Well, apparently the investing universe has become so enamored of Beyond’s fairy tale growth story including predictions that a third of Americans and Europeans will move to meat alternatives in five years’ time.

Related: The World’s Largest Gold Buyer Is Now Russia

But what many investors are ignoring is that many Americans are still unwilling to ditch their beef hamburgers for some veggie burgers. According to Nielsen data, 21.6 of U.S. households currently purchase meat alternatives. While that sounds impressive, the vast majority--98 percent according to the study--still buy the real thing from grocery stores thus proving that the demand for meat substitutes is coming from the so-called flexitarians. Actually the market for meatless meats is still puny--last year, U.S. consumers bought $893 million worth of meat substitutes compared to $95 billion on actual meat.

Not to mention that BYND is not alone in this market and will have to square it off against heavy weights like Tyson Foods, Kellogg Co (NYSE:K), European giant Nestle S.A. (OTCPK:NSRGF) and Morningside Farms which currently supplies McDonald’s Corp. (NYSE:MCD).

Most worrying of all though is that Beyond Meats is yet to demonstrate a clear path to profitability. The company has mainly been focussing on ramping up its production capacity as it anticipates growing demand for its products. However, it’s treading on uncharted waters since it’s not yet clear how much long-term demand is really out for its products. 
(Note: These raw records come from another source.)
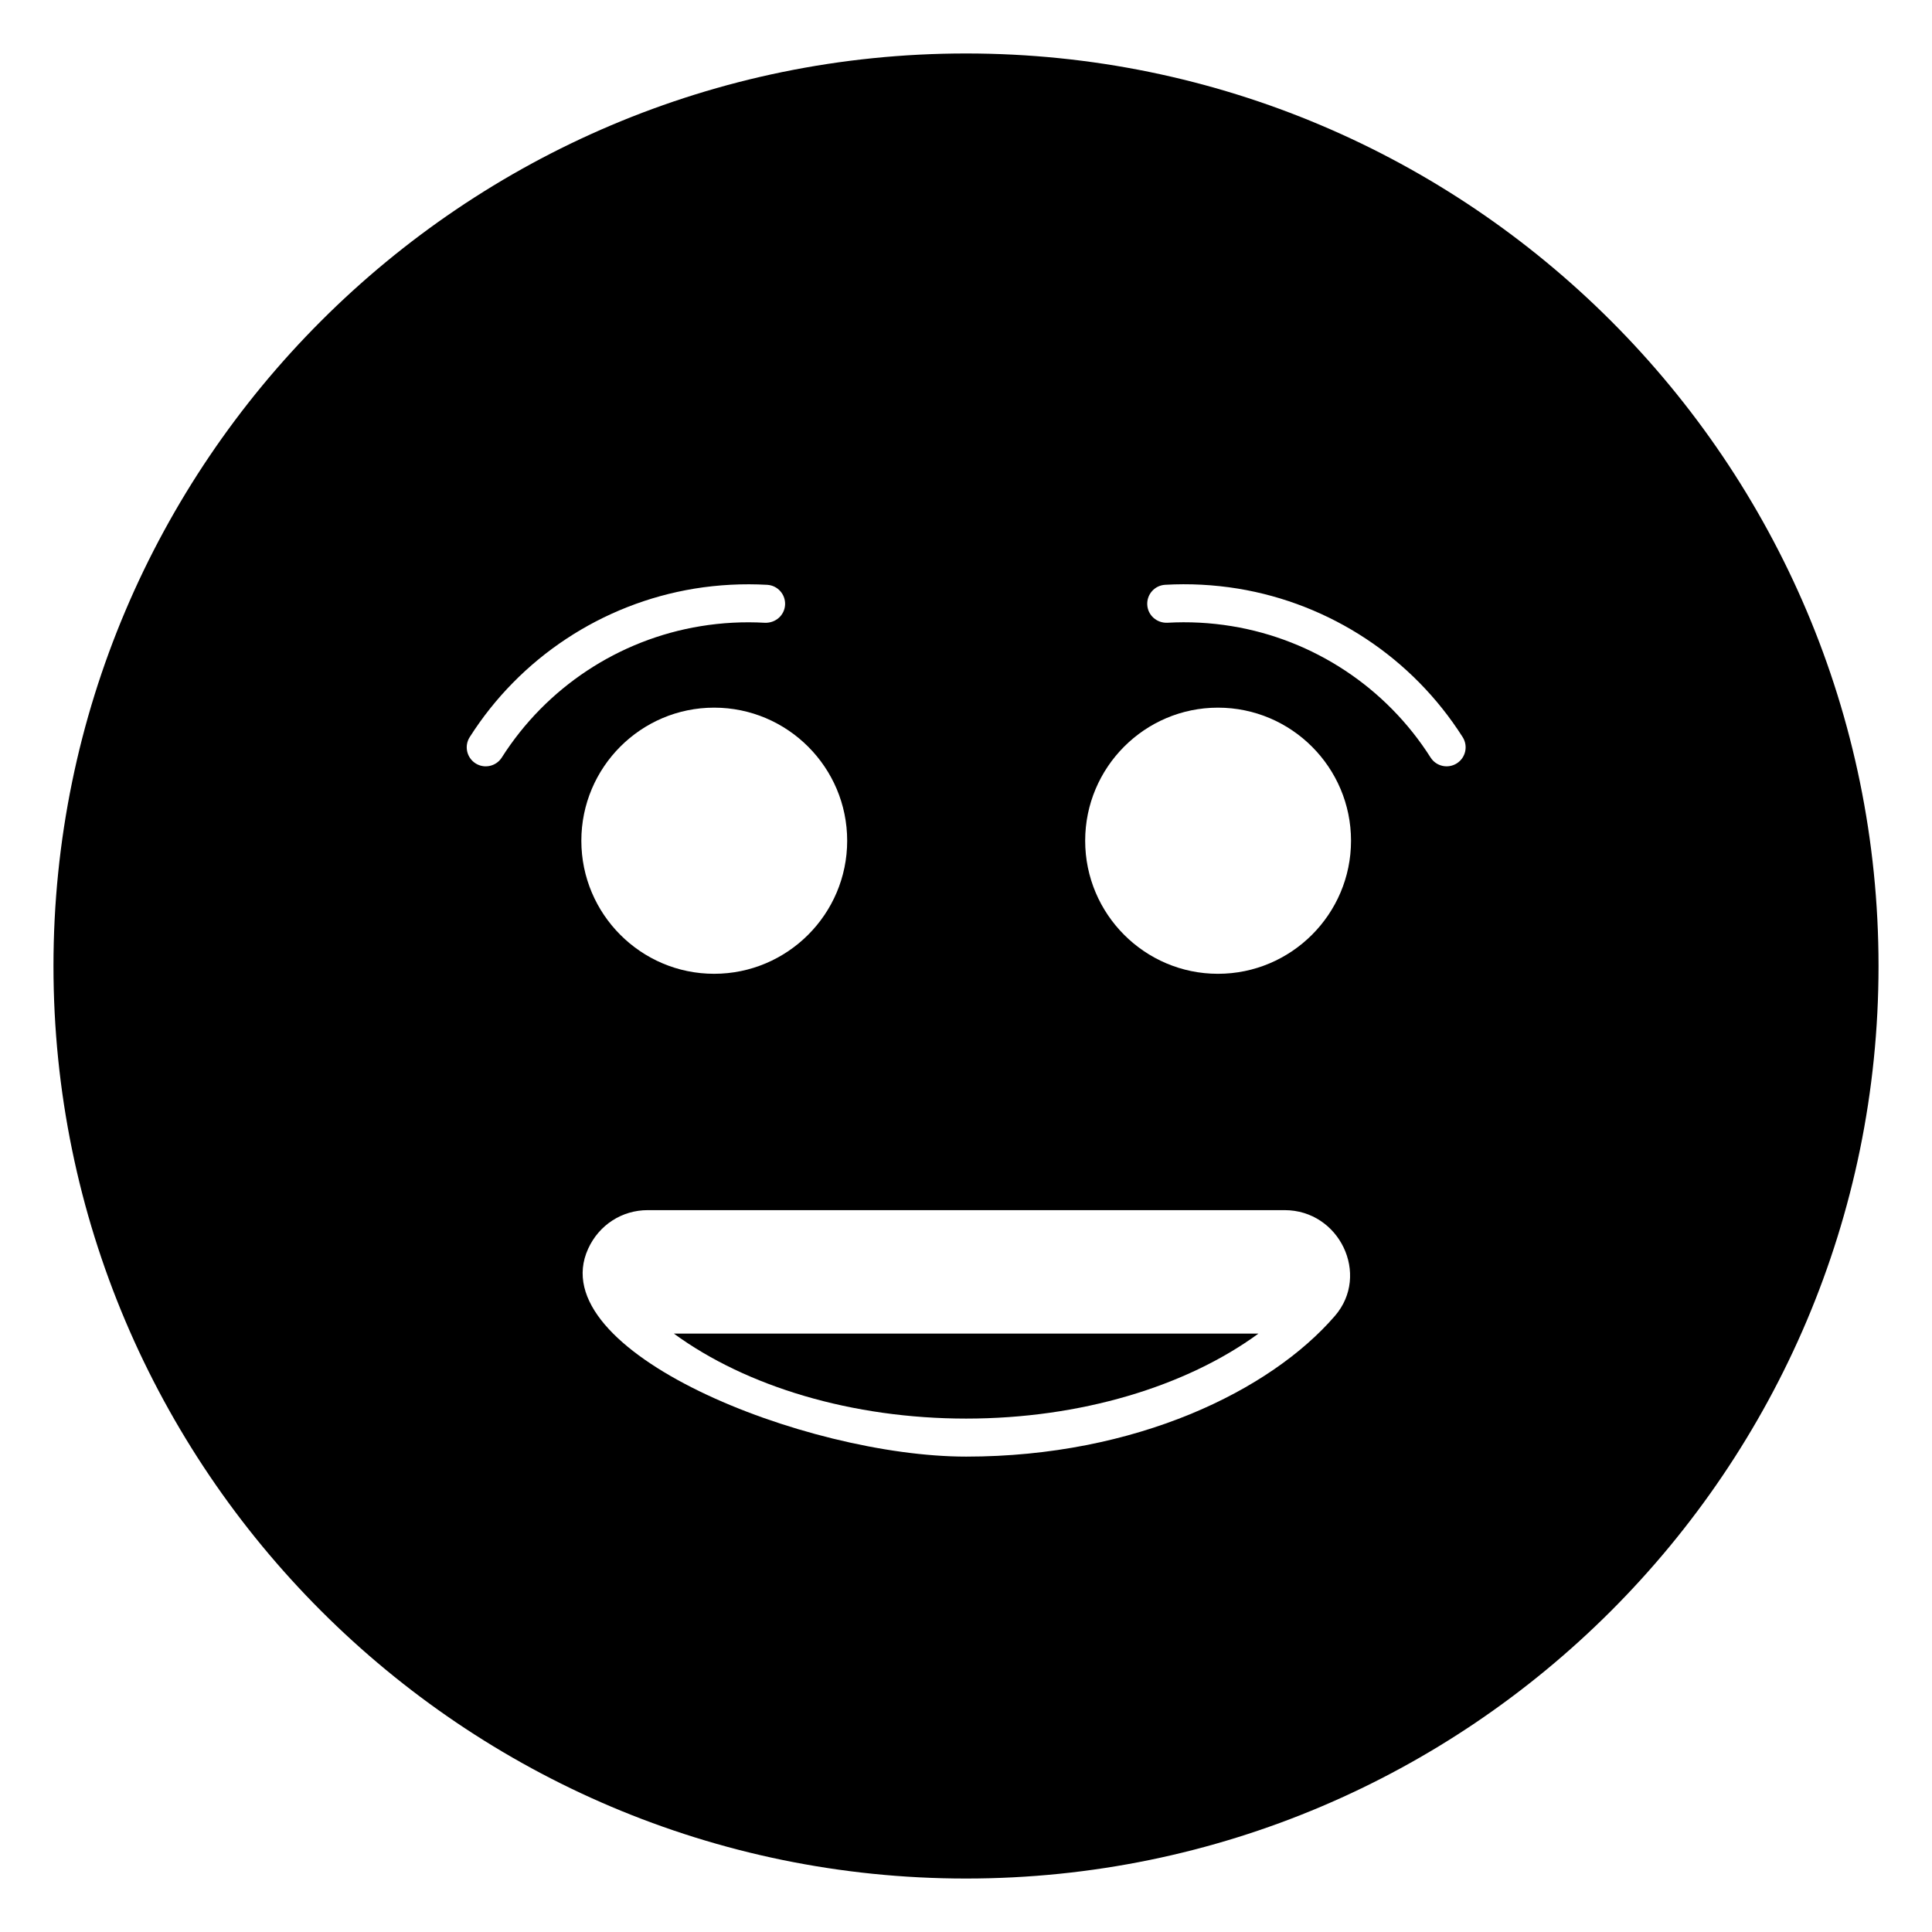 <?xml version="1.0" encoding="UTF-8"?>
<!-- Uploaded to: SVG Repo, www.svgrepo.com, Generator: SVG Repo Mixer Tools -->
<svg fill="#000000" width="800px" height="800px" version="1.1" viewBox="144 144 512 512" xmlns="http://www.w3.org/2000/svg">
 <g>
  <path d="m400 158.17c-133.31 0-241.83 108.42-241.83 241.83 0 133.31 108.52 241.83 241.83 241.83 133.41 0 241.83-108.52 241.83-241.83 0-133.41-108.42-241.83-241.83-241.83zm-123.02 186.58c-1.504 2.367-4.641 3.031-6.953 1.551-2.348-1.492-3.047-4.606-1.551-6.953 13.328-20.988 35.039-35.332 59.562-39.355 6.406-1.039 12.887-1.367 19.281-1.008 2.781 0.164 4.894 2.543 4.734 5.324-0.164 2.773-2.527 4.82-5.324 4.734-5.664-0.324-11.395-0.027-17.062 0.902-21.691 3.551-40.895 16.238-52.688 34.805zm56.266-13.215c19.445 0 35.266 15.824 35.266 35.266 0 19.441-15.824 35.266-35.266 35.266-19.398 0-35.184-15.824-35.184-35.266 0-19.445 15.781-35.266 35.184-35.266zm164.54 161.17c-17.086 19.824-52.781 37.312-97.742 37.312-42.551 0-112.66-27.867-100.17-55.102 2.883-6.301 8.941-10.215 15.797-10.215h168.75c14.582 0.004 22.738 17.141 13.367 28.004zm-31.016-90.637c-19.406 0-35.188-15.824-35.188-35.266 0-19.445 15.785-35.266 35.188-35.266 19.445 0 35.266 15.824 35.266 35.266 0 19.441-15.82 35.266-35.266 35.266zm63.301-55.77c-2.344 1.488-5.457 0.805-6.953-1.551-11.797-18.57-31.008-31.258-52.695-34.809-5.664-0.93-11.41-1.227-17.062-0.902-2.789 0.109-5.16-1.957-5.324-4.734-0.164-2.781 1.953-5.16 4.734-5.324 6.402-0.367 12.887-0.027 19.281 1.008 24.52 4.023 46.234 18.367 59.566 39.355 1.5 2.356 0.801 5.469-1.547 6.957z"/>
  <path d="m400.04 519.94c30.168 0 58.203-8.445 77.461-22.523h-154.92c19.258 14.074 47.293 22.523 77.457 22.523z"/>
 </g>
</svg>

Investors will definitely bolt if the company starts reporting a surplus of Beyond Burgers And Beyond Sausages.

Investing in cult stocks

The BYND stock massacre clearly highlights the dangers of investing in cult stocks. 

A huge chunk of the company’s share float is in the hands of shorts and day traders--a clear recipe for disaster due to high volatility. Bear in mind that only about 20 percent of the company’s 60 million shares are publicly traded with the rest set to become available when the lock-up period expires on 29th October 2019. It probably won’t be until then when we get a good sense of how the shares are likely to perform over the mid- and long-term.

That’s not to say that cult stocks are inherently bad. On the contrary, they can be some of the most profitable securities in the market. Even at a share price of $190, BYND shares are still up an impressive 660 percent from the IPO price of $25. It’s just that investors have to be careful not to get swept in too much that they end up ignoring the attendant risks.